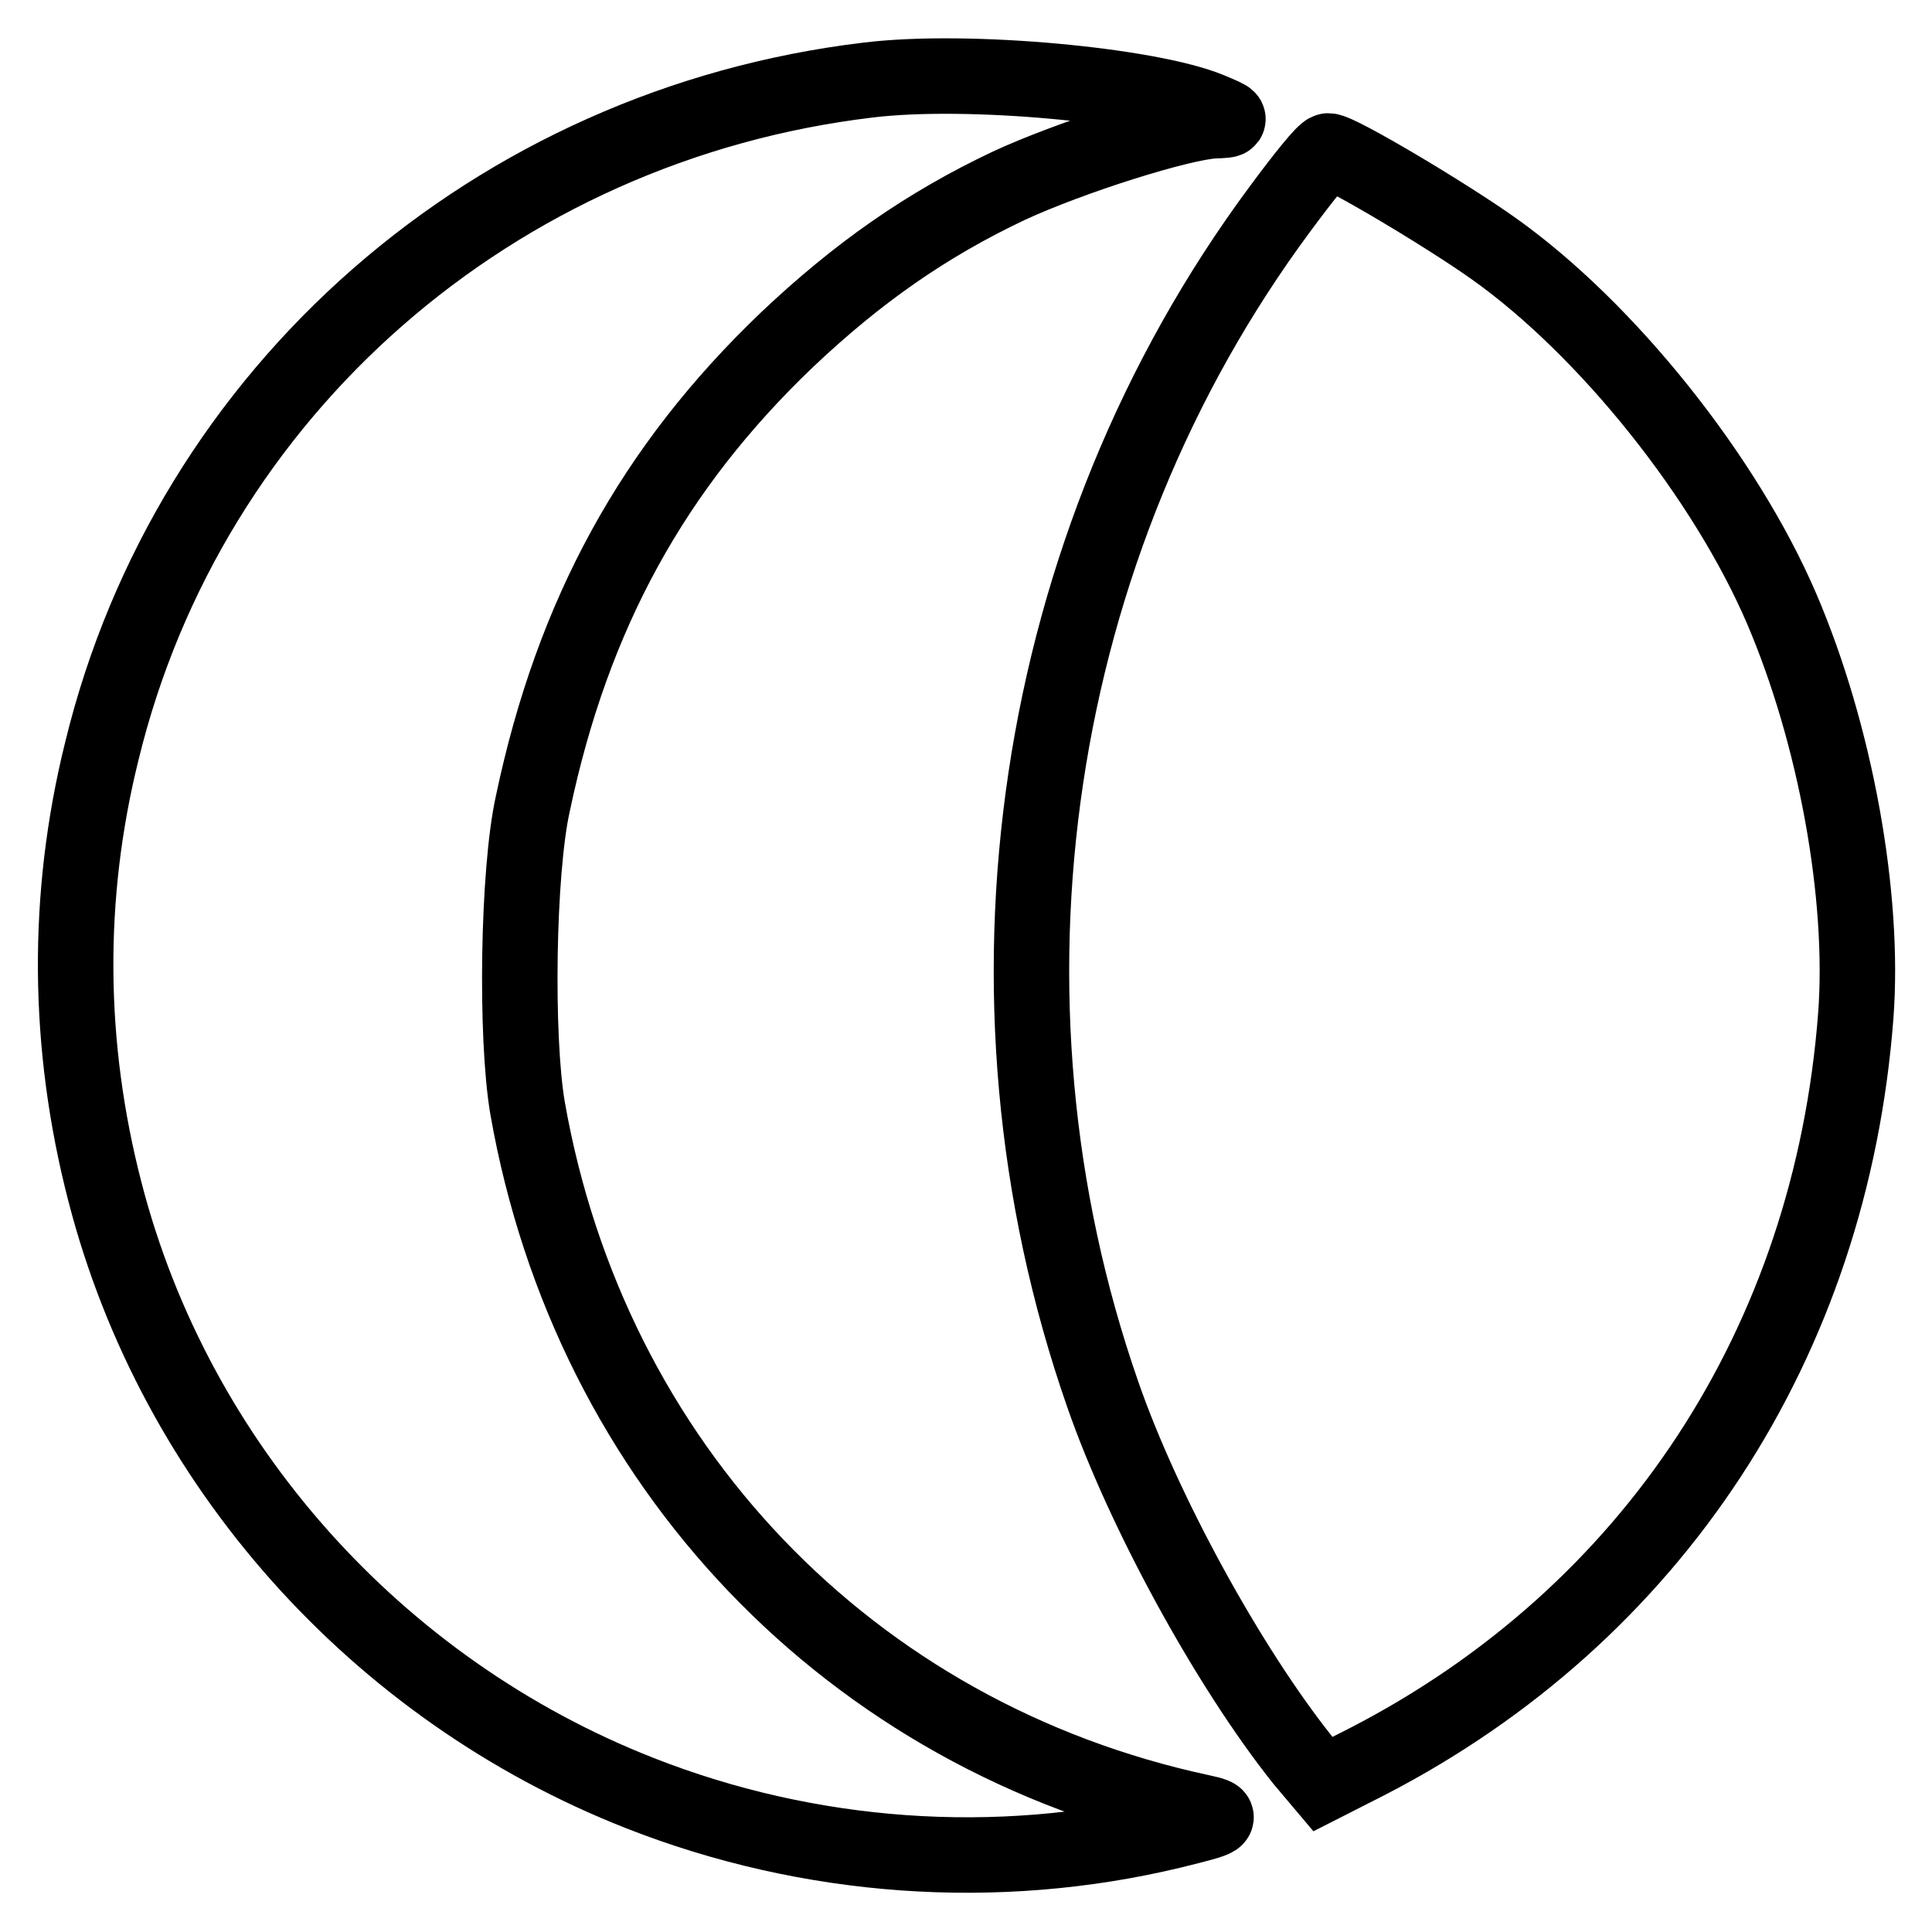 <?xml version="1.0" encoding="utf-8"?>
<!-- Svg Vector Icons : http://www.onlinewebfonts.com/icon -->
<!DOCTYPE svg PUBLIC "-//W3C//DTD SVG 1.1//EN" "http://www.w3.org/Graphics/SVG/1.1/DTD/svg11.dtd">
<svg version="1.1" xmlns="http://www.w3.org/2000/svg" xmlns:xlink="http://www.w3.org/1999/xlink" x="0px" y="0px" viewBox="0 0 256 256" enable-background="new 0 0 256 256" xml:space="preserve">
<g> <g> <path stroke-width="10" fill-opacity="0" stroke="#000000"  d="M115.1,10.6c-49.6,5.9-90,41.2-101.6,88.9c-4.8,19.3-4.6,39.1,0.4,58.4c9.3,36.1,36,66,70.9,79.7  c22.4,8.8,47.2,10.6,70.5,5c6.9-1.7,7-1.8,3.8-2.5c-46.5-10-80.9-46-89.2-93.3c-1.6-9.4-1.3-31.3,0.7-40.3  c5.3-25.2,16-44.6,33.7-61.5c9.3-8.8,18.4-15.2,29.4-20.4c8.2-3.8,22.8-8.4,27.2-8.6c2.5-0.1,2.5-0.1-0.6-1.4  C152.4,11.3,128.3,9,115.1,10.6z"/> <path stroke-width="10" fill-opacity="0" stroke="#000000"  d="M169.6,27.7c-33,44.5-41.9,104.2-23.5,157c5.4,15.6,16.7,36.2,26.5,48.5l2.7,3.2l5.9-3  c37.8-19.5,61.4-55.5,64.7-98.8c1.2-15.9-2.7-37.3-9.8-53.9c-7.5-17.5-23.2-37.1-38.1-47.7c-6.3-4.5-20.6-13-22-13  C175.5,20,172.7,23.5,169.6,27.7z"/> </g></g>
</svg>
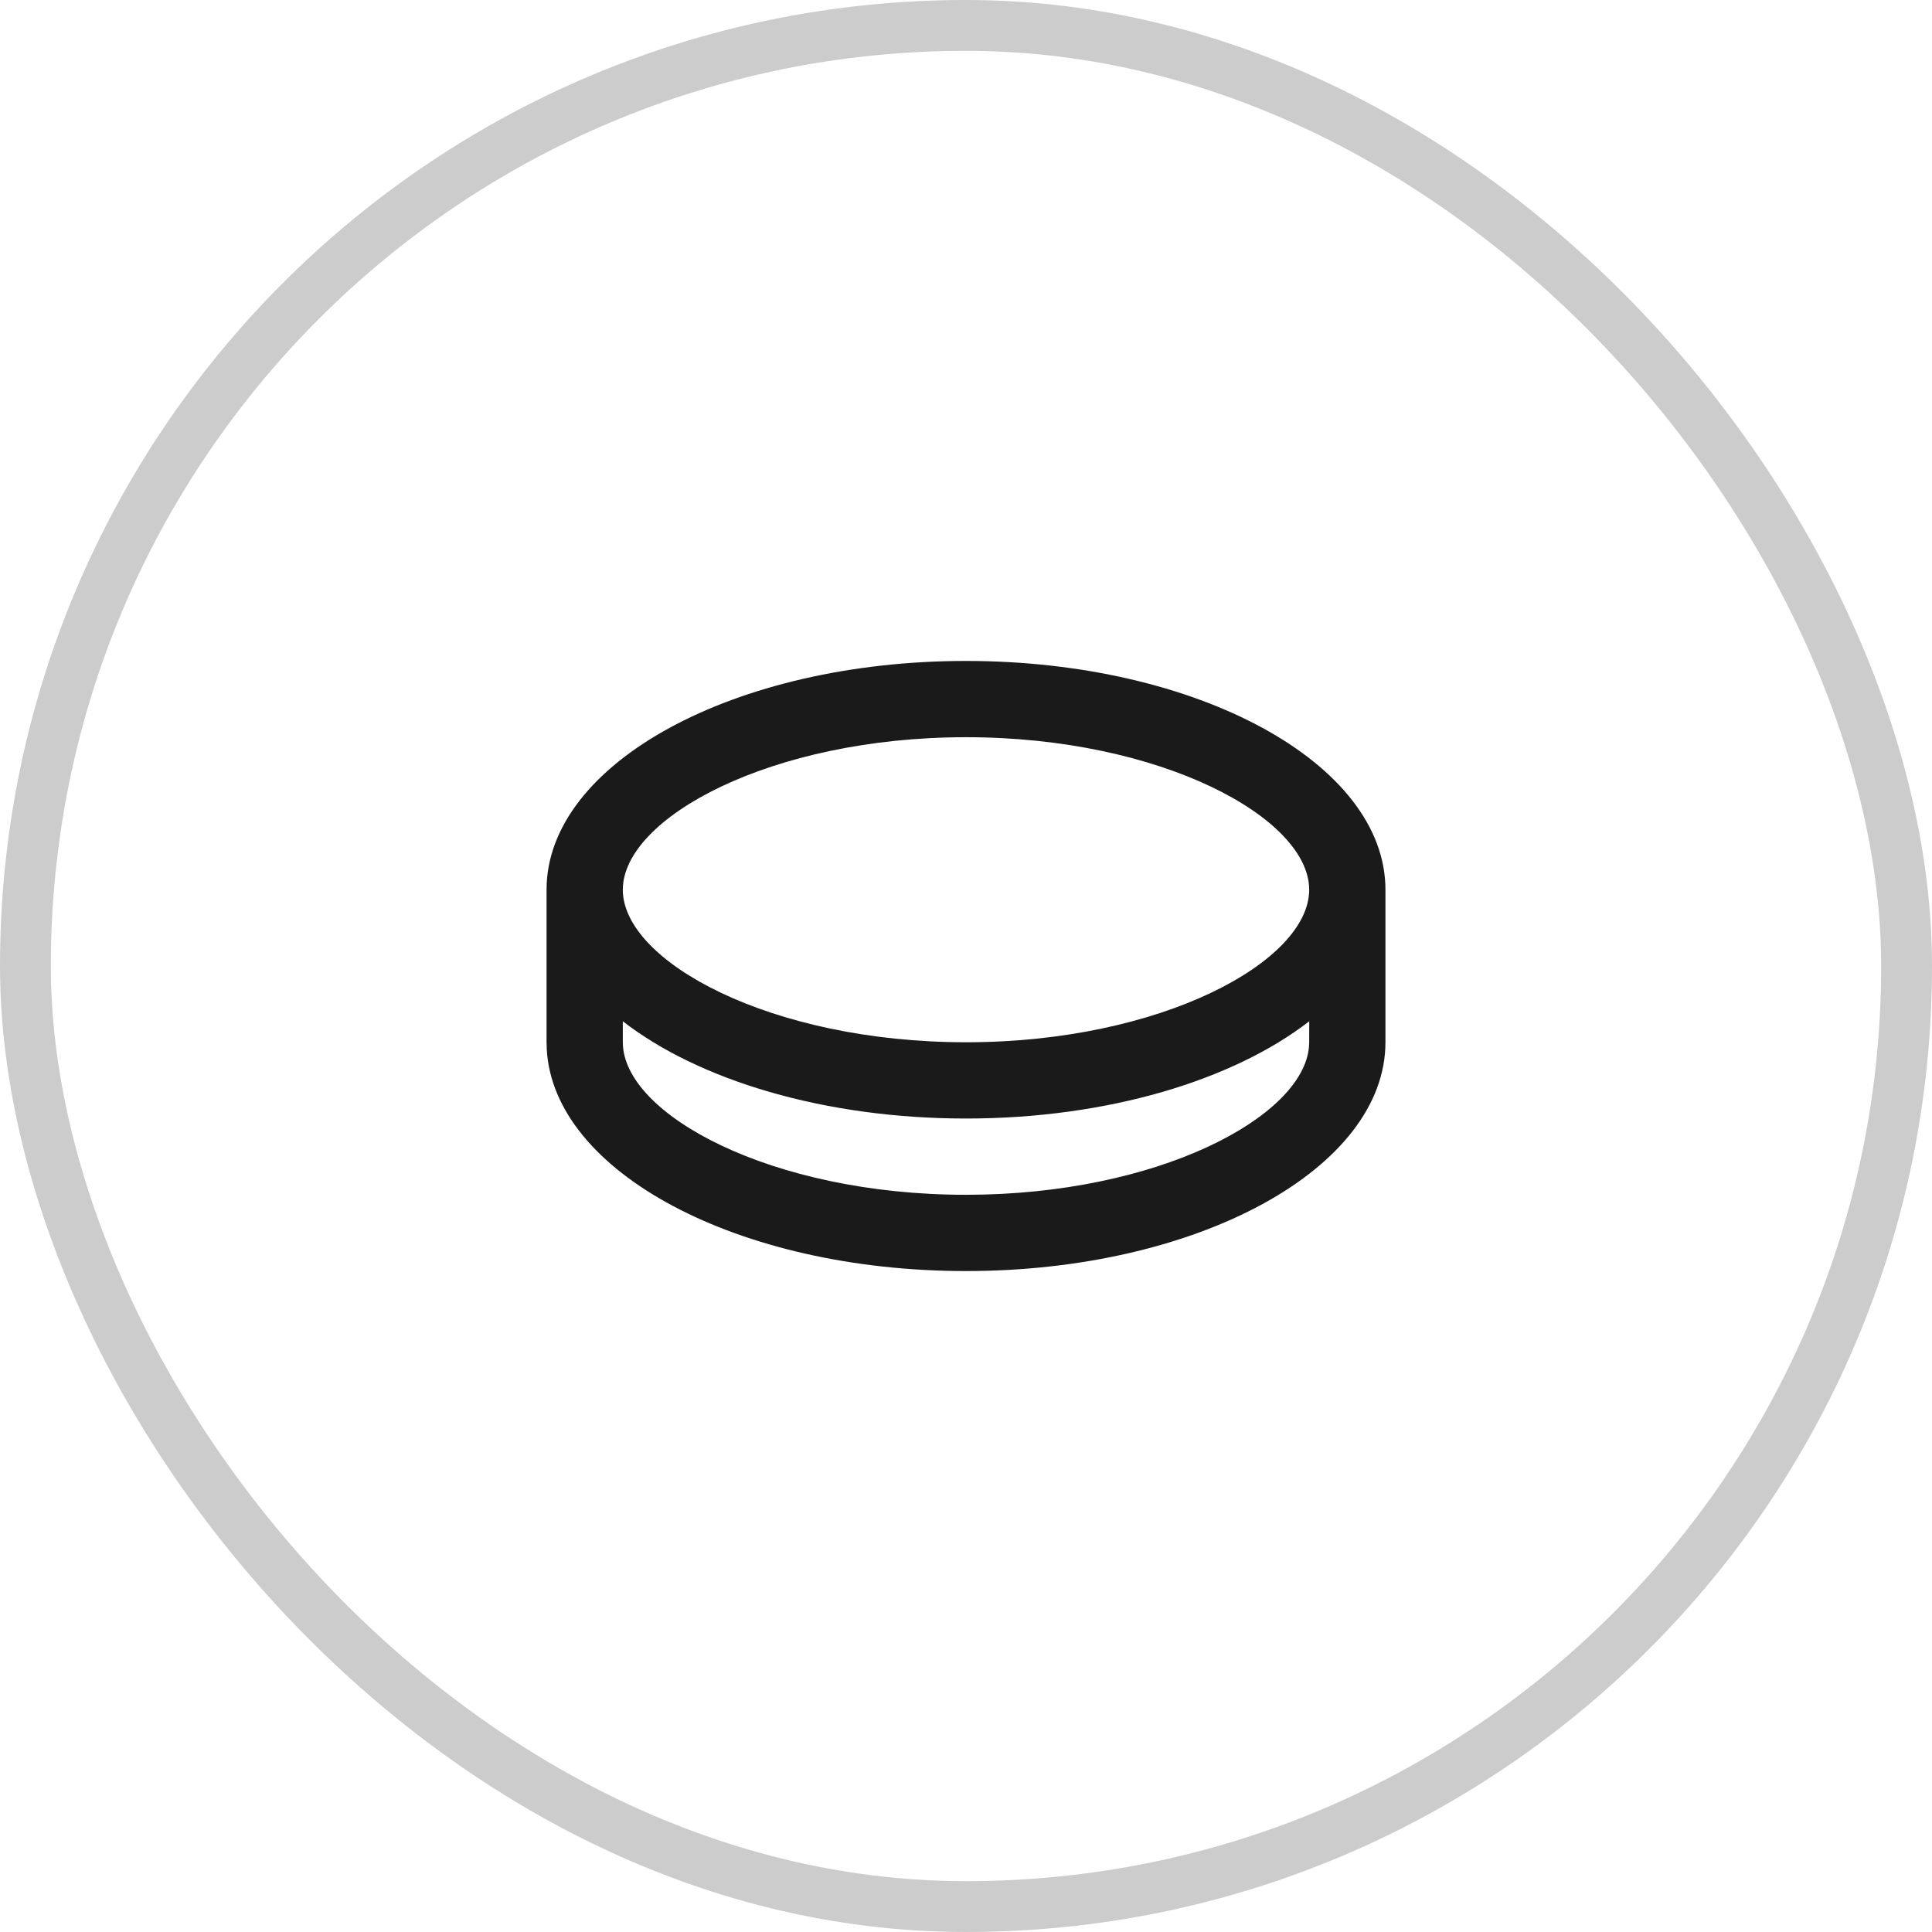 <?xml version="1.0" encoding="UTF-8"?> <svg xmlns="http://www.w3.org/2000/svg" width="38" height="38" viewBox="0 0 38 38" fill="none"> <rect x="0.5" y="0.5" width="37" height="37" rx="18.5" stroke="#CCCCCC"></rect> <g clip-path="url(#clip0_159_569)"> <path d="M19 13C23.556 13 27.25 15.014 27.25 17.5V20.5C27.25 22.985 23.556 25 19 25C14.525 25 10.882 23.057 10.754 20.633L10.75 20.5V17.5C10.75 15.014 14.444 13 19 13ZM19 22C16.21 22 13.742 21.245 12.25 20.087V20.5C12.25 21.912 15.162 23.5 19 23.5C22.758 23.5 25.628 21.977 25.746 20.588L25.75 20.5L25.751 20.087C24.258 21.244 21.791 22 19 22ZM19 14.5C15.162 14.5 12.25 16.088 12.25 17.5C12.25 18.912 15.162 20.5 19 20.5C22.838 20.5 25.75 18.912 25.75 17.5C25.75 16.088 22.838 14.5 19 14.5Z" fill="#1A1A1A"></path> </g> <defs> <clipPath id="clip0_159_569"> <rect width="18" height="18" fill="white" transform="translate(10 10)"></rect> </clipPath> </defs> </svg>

** WHAT YOU ARE ASKED TO DO **
Every record must be set down again exactly; pictures do not belong in the copy.

** OUTPUT **
 <?xml version="1.0" encoding="utf-8"?>
<!-- Svg Vector Icons : http://www.onlinewebfonts.com/icon -->
<!DOCTYPE svg PUBLIC "-//W3C//DTD SVG 1.1//EN" "http://www.w3.org/Graphics/SVG/1.1/DTD/svg11.dtd">
<svg version="1.1" xmlns="http://www.w3.org/2000/svg" xmlns:xlink="http://www.w3.org/1999/xlink" x="0px" y="0px" viewBox="0 0 256 256" enable-background="new 0 0 256 256" xml:space="preserve">
<g> <g> <path stroke-width="10" fill-opacity="0" stroke="#000000"  d="M115.1,10.6c-49.6,5.9-90,41.2-101.6,88.9c-4.8,19.3-4.6,39.1,0.4,58.4c9.3,36.1,36,66,70.9,79.7  c22.4,8.8,47.2,10.6,70.5,5c6.9-1.7,7-1.8,3.8-2.5c-46.5-10-80.9-46-89.2-93.3c-1.6-9.4-1.3-31.3,0.7-40.3  c5.3-25.2,16-44.6,33.7-61.5c9.3-8.8,18.4-15.2,29.4-20.4c8.2-3.8,22.8-8.4,27.2-8.6c2.5-0.1,2.5-0.1-0.6-1.4  C152.4,11.3,128.3,9,115.1,10.6z"/> <path stroke-width="10" fill-opacity="0" stroke="#000000"  d="M169.6,27.7c-33,44.5-41.9,104.2-23.5,157c5.4,15.6,16.7,36.2,26.5,48.5l2.7,3.2l5.9-3  c37.8-19.5,61.4-55.5,64.7-98.8c1.2-15.9-2.7-37.3-9.8-53.9c-7.5-17.5-23.2-37.1-38.1-47.7c-6.3-4.5-20.6-13-22-13  C175.5,20,172.7,23.5,169.6,27.7z"/> </g></g>
</svg>
 <?xml version="1.0" encoding="UTF-8"?> <svg xmlns="http://www.w3.org/2000/svg" width="38" height="38" viewBox="0 0 38 38" fill="none"> <rect x="0.5" y="0.5" width="37" height="37" rx="18.5" stroke="#CCCCCC"></rect> <g clip-path="url(#clip0_159_569)"> <path d="M19 13C23.556 13 27.25 15.014 27.25 17.5V20.5C27.25 22.985 23.556 25 19 25C14.525 25 10.882 23.057 10.754 20.633L10.75 20.5V17.5C10.75 15.014 14.444 13 19 13ZM19 22C16.21 22 13.742 21.245 12.25 20.087V20.5C12.25 21.912 15.162 23.5 19 23.5C22.758 23.5 25.628 21.977 25.746 20.588L25.75 20.5L25.751 20.087C24.258 21.244 21.791 22 19 22ZM19 14.5C15.162 14.5 12.25 16.088 12.25 17.5C12.25 18.912 15.162 20.5 19 20.5C22.838 20.5 25.75 18.912 25.75 17.5C25.75 16.088 22.838 14.5 19 14.5Z" fill="#1A1A1A"></path> </g> <defs> <clipPath id="clip0_159_569"> <rect width="18" height="18" fill="white" transform="translate(10 10)"></rect> </clipPath> </defs> </svg>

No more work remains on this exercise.